**What is needed:** Below are records; copy every line among them that contains the word "about".

**Collected data:**

'''

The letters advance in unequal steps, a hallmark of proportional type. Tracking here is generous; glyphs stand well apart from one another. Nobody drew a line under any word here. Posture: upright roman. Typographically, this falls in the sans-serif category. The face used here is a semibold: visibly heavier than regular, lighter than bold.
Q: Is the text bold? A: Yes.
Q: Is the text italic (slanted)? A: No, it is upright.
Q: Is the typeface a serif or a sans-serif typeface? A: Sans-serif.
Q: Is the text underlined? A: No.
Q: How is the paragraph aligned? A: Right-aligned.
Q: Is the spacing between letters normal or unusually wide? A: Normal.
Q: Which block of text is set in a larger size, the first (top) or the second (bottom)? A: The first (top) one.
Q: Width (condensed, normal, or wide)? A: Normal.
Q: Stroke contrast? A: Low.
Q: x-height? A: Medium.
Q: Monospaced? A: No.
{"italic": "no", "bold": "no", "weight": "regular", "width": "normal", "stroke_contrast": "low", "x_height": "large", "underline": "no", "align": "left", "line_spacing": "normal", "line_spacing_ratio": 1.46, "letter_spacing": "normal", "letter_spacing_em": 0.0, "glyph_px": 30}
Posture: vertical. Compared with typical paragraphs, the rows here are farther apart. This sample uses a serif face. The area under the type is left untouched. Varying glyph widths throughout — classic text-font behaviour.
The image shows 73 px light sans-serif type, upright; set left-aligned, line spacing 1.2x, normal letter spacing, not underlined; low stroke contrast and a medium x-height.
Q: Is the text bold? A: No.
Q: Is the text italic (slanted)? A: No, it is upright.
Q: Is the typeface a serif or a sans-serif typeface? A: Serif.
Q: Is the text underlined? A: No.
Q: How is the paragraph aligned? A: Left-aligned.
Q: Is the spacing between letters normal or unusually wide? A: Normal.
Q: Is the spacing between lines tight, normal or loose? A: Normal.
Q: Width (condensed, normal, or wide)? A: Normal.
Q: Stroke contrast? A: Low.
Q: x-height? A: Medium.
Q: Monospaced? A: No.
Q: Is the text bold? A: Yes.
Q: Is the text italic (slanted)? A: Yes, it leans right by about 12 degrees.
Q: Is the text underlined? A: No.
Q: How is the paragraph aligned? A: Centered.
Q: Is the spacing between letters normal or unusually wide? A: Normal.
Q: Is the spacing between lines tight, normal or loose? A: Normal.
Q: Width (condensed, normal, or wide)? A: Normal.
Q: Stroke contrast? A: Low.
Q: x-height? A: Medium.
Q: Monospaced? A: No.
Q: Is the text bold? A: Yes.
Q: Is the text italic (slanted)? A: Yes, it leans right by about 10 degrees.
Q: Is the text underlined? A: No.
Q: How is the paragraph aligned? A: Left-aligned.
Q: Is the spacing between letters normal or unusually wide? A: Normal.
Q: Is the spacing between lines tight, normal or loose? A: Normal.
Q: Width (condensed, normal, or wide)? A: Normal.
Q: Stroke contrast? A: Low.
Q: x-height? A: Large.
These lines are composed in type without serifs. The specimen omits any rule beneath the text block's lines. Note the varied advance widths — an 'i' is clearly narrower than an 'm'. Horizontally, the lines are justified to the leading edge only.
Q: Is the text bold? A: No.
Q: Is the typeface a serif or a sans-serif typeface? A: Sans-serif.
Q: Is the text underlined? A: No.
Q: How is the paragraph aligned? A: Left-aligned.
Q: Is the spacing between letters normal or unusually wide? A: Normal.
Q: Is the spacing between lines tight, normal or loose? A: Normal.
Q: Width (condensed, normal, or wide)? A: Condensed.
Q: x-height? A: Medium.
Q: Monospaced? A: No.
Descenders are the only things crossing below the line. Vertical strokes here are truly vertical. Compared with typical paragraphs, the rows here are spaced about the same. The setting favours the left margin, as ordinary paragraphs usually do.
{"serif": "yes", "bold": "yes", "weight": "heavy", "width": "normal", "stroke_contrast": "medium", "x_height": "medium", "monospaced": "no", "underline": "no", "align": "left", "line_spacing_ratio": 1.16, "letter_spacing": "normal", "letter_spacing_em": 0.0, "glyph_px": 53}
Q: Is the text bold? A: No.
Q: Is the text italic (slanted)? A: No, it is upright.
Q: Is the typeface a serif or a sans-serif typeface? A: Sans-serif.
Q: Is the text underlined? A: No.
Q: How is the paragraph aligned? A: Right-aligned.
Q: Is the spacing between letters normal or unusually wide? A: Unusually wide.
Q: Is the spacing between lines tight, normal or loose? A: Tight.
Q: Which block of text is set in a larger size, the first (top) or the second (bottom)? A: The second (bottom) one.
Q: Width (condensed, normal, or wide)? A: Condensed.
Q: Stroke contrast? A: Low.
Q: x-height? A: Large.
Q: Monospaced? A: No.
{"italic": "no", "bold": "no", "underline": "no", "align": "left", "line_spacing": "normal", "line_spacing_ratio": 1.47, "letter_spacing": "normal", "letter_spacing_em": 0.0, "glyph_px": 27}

'''

**Output of the task:**
Q: Is the text italic (slanted)? A: Yes, it leans right by about 12 degrees.
Q: Is the text italic (slanted)? A: Yes, it leans right by about 10 degrees.
Descenders are the only things crossing below the line. Vertical strokes here are truly vertical. Compared with typical paragraphs, the rows here are spaced about the same. The setting favours the left margin, as ordinary paragraphs usually do.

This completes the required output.